L’épuisement du motif, sans doute, à l’imitation de cette bulle qu’il faut refaire indéfiniment à mesure qu’elle se perd et tant qu’on a encore du souffle et du savon à disposition. Et puisqu’on n’est jamais vraiment sûr de l’avoir vue, il faut en faire le tour plusieurs fois et la considérer par tous ses côtés même si elle en manque. Ce texte à la façon d’une ritournelle, optique et gestuelle, essaie d’emprunter ce temps répétitif, ce faisant, il en fabrique un autre, lui donne un certain rythme, il trace des lignes, comme le fait la bulle, chaque fois différentes et finit par sortir du cadre avec elle, une dernière ligne, de fuite.
Cette ritournelle on peut la voir d’un livre à l’autre, comme j’ai déjà eu l’occasion de le dire, un peu obsessionnelle tel les deux défricheurs de nature morte, dans ces reprises, textes et images, mais refigurées ou défigurées si on préfère, recomposées à l’envi, peut-être jusqu’à épuisement du motif ou de la personne au travail.
Emmanuèle Jawad : Rien à cette magie est un dispositif poétique d’où convergent simultanément domaine de l’optique, arts, références aux lois physiques de la matière, élément (air), comportant une dimension onirique prégnante dans ce dernier livre. Comment situer Rien à cette magie au regard de l’ensemble des livres ?
Suzanne Doppelt : Pour moi la continuité est évidente, comme je l’ai dit, reviennent là certains éléments, le personnage en double, le motif de la sphère et bien entendu un tableau autour duquel il s’agit de tourner, un de plus, qu’on tente de traverser d’une manière ou d’une autre, sachant que tout comme le texte, il garde ses distances pour se retrouver peut-être dans ce repli. Oui, encore des questions d’optique, ces dispositifs m’ont toujours fascinée, la camera oscura qui retourne les images, l’autre chambre noire dans laquelle on fabriquait au XIXème le retour des ancêtres sur les clichés au moyen de quelques trucages, les perspectives savamment dépravées des anamorphoses, les boites d’optique comme celle de Samuel van Hoogstraten que j’essaie de déplier dans Vak spectra, cet intérieur qui ne cesse de se réagencer ou encore les miroirs qui réalisent toutes sortes d’artifices, de surprises, montrent des images voltigeant par l’air, une affaire de point de vue, de point de fuite encore. Rien de tel qu’une bonne bulle de savon, translucide mais pas tout à fait, hésitante et imprévisible à souhait pour se demander comment et qu’est-ce qu’on voit et si on a bien vu. Non évidemment, il faudrait au moins l’œil mosaïque de la mouche.

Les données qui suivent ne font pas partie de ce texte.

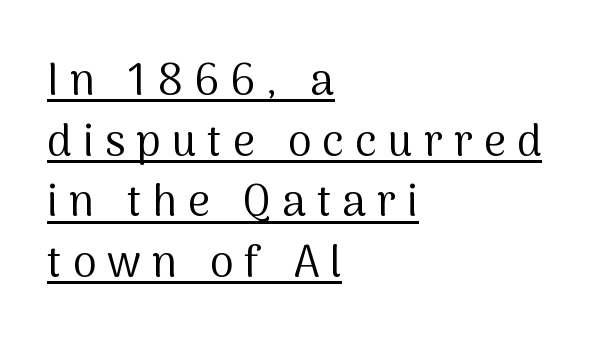
Q: Is the text bold? A: No.
Q: Is the text italic (slanted)? A: No, it is upright.
Q: Is the typeface a serif or a sans-serif typeface? A: Sans-serif.
Q: Is the text underlined? A: Yes.
Q: How is the paragraph aligned? A: Left-aligned.
Q: Is the spacing between letters normal or unusually wide? A: Unusually wide.
Q: Is the spacing between lines tight, normal or loose? A: Normal.
Q: Width (condensed, normal, or wide)? A: Normal.
Q: Stroke contrast? A: Medium.
Q: x-height? A: Medium.
Q: Monospaced? A: No.
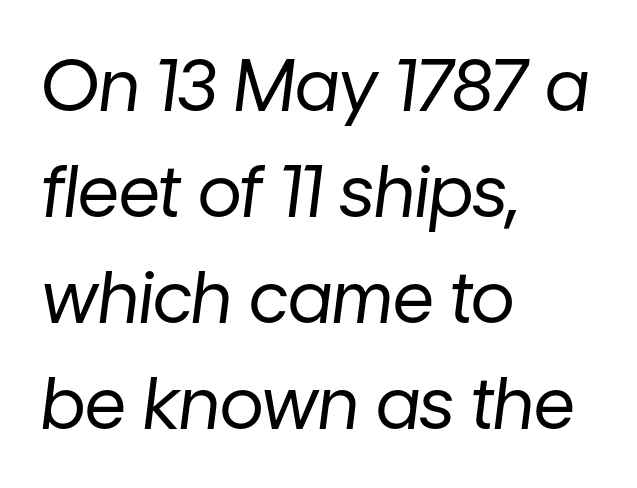
The axis of the letterforms is tilted away from vertical. Plain, unruled lines of type. Line beginnings align vertically; line endings do not. This sample uses plain, unmodified letter spacing. These lines are rendered in a variable-pitch font.
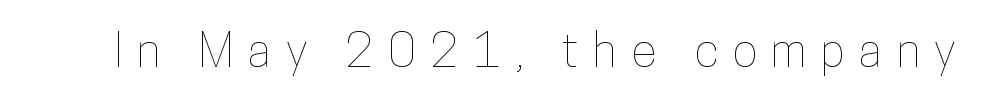
The image shows 47 px condensed type, upright; set unusually wide letter spacing (+0.31 em), not underlined; low stroke contrast and a medium x-height.
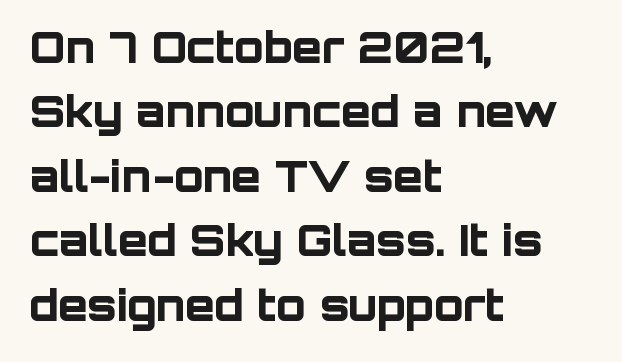
The image shows 43 px bold sans-serif type, upright; set left-aligned, normal line spacing (1.5x), normal letter spacing, not underlined; low stroke contrast and a large x-height.
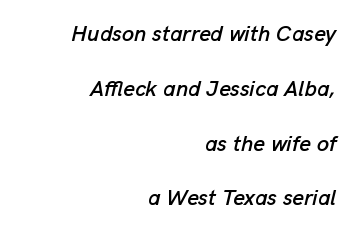
Q: Is the text italic (slanted)? A: Yes, it leans right by about 13 degrees.
Q: Is the text underlined? A: No.
Q: How is the paragraph aligned? A: Right-aligned.
Q: Is the spacing between letters normal or unusually wide? A: Normal.
Q: Is the spacing between lines tight, normal or loose? A: Loose.
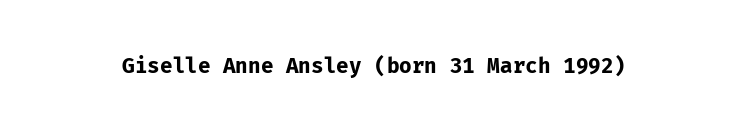
The image shows 21 px bold type, upright; set normal letter spacing, not underlined.
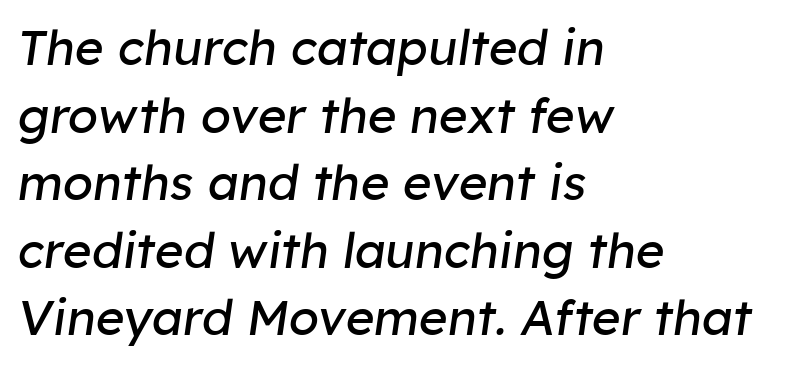
Every character sits at an angle, as italics do. This is not heavy type; no bold has been used. How would I describe the line gaps? Plain and ordinary. Teacher's note: observe the even left margin — that is flush-left alignment.
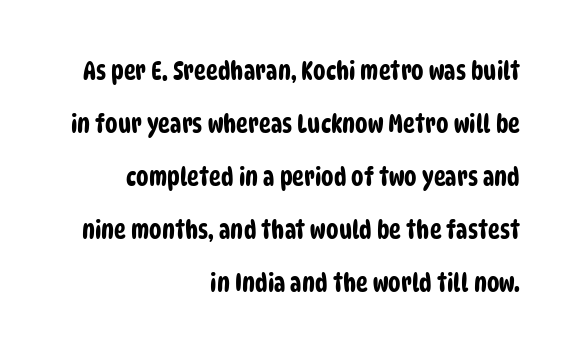
The image shows 25 px text type; set right-aligned, loose line spacing (2.12x), normal letter spacing, not underlined.

Les lois physiques aussi mais telles qu’on peut les tirer vers leurs jeux ou leurs aberrations.
Ici il s’agit bien d’un phénomène tout à fait physique et chimique, du savon, de l’eau et de l’air, rien de plus simple, mais beaucoup de traités pour comprendre comment se produit et se comporte ce petit module évanescent, presque introuvable, comme l’est le petit témoin dont la bouche est escamotée, aussi muet que l’autre une paille entre les lèvres. Le silence donc, ils sont bel et bien là mais c’est un peu comme s’ils manquaient à leur place, une coupe temporelle, une pause pour produire son propre temps qui s’efface au fur et à mesure. L’un semble enseigner quelque chose à l’autre, et c’est sans doute une autre récurrence dans mes livres, il faut récupérer du savoir : les mathématiques à travers un polyèdre détrempé, l’architecture à travers une maison diffractée, la physique et la philosophie à travers une bulle de savon… C’est un beau support de clairvoyance, c’est aussi un monde en réduction, une idée, un tracé, un visage, tout ce qu’on y voit et pas. Il faut réhabiliter la bulle, si elle en avait besoin, comme il m’est arrivé de réhabiliter la mouche ou l’araignée.
Peut-être plus qu’onirique, je dirais songeur, contemplatif, et dans un équilibre précaire, on voit une scène d’une grande fixité, une image à l’arrêt, qui tient un peu des natures mortes du peintre, et pourtant quelque chose va chavirer, c’est le cas de l’enfant au toton, de celui au château de cartes, de la fillette au volant, et bien sûr de cette bulle de savon, d’infimes gestes pour mimer la fragilité du monde et le refaire indéfiniment.
On n’est pas si loin non plus du tableau de Jacopo di Barbari évoqué plus haut, deux contemplateurs à l’aspect spectral - en particulier le mathématicien Luca Pacioli, les yeux vides d’un masque, se trouvent devant une sphère qu’ils sont censés considérer. Mais c’est autre chose qu’ils regardent manifestement et on pourrait passer son temps à se demander quoi. Car il s’agit sans doute d’un petit secret que la parole ne peut transmettre et que l’écriture, intrusive, traite toujours de façon oblique, plonge dans les zones d’ombre. Il va de tableau en tableau, de travail en travail, fait tourner autour du pot, de l’image, du plateau super rotatif, le lazy suzie, « la volubilité est une propriété essentielle du regard » dit Merleau-Ponty, une histoire de temporalité, d’apparition et de disparition, de reprise, de rébus obscur.